QuickBooks and GAAP: Understanding the Difference
QuickBooks defaults to cash-basis accounting, which records income when you receive payment and expenses when you pay them. This works well for simple operations and gives you a clear view of your cash position. It’s also how most small businesses file taxes.
Generally Accepted Accounting Principles (GAAP) typically requires accrual-basis accounting, where revenue is recorded when it’s earned and expenses when they’re incurred, regardless of when money changes hands. This produces a more accurate long-term picture of your business’s financial health.
For most small businesses under $25 million in annual revenue, cash-basis accounting is perfectly legal and practical. But if you plan to seek a business loan, bring on investors, take on a business partner, prepare for a sale, or operate in a regulated industry, GAAP-compliant accrual-basis financials will likely be required. QuickBooks can produce accrual-basis reports, but it requires proper configuration and disciplined bookkeeping to do so accurately.
QuickBooks is a general-purpose tool. Depending on your industry, a purpose-built alternative may serve you better: The right choice depends on your size, complexity, industry compliance requirements, and how your financial data needs to flow between systems.
Practical Action Steps for You and Your IT Team
Identify your accounting method. Confirm whether your books are cash or accrual basis and whether that matches what your CPA recommends for your situation.
Review your reporting needs. Ask yourself: could you produce a GAAP-compliant set of financials today if a bank or investor asked for one? If not, that’s worth addressing.
Audit your software integrations. List every system that connects to your accounting software — payroll, CRM, e-commerce, inventory — and verify those connections are working accurately and securely.
Secure your financial data.
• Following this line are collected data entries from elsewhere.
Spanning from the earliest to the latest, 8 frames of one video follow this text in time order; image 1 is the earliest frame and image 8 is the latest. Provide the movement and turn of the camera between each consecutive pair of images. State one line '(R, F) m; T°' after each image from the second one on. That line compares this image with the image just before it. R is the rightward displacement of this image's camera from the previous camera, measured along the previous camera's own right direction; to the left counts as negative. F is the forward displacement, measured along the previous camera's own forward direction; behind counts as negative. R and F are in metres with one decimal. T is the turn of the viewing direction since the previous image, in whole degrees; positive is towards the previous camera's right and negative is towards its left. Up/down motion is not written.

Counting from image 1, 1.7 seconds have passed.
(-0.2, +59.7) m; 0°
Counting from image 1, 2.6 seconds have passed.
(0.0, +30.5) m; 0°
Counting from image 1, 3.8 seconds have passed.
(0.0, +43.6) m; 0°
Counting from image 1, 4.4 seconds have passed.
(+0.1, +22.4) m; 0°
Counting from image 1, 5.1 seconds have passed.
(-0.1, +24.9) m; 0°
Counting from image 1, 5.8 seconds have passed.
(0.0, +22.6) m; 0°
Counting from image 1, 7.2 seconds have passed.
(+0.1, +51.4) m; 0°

Confirm that your accounting platform uses encrypted connections, requires strong passwords, and supports multi-factor authentication for all users.
Set up and test your backups. Automated, offsite backups of your financial data should be tested periodically. A backup you’ve never restored is a backup you can’t trust.
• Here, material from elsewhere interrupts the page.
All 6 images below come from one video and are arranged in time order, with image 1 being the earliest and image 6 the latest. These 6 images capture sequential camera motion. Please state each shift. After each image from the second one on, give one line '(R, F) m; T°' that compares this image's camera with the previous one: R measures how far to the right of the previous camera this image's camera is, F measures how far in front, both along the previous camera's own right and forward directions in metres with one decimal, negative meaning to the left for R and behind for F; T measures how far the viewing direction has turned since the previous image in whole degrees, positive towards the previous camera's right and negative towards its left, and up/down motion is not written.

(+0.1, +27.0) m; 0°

Limit access to financial systems. Only the people who need access to your accounting data should have it. Set role-based permissions and review them regularly.
Plan before you migrate. If you decide to switch platforms, involve your CPA and your IT provider from the beginning. Migrations done without a clear plan often result in data gaps, reporting errors, or security exposures.
Keep your software updated. Accounting software vulnerabilities are real attack vectors. Make sure updates and patches are applied promptly.
Questions Your Clients, Lenders, or Partners May Ask — and How to Answer Them
Are your financials GAAP-compliant? Our books are maintained on an accrual basis in coordination with our CPA. We can produce GAAP-compliant financial statements when needed.
How secure is your financial data? We use encrypted accounting software with multi-factor authentication, limited user access, and automated offsite backups.
What happens if your accounting system goes down? We have business continuity measures in place, including current backups and IT support to restore access quickly. We don’t rely on a single point of failure.
Are you considering switching accounting platforms? Any platform change we make would be planned carefully with input from our CPA and IT provider to avoid disruption to our reporting or data integrity.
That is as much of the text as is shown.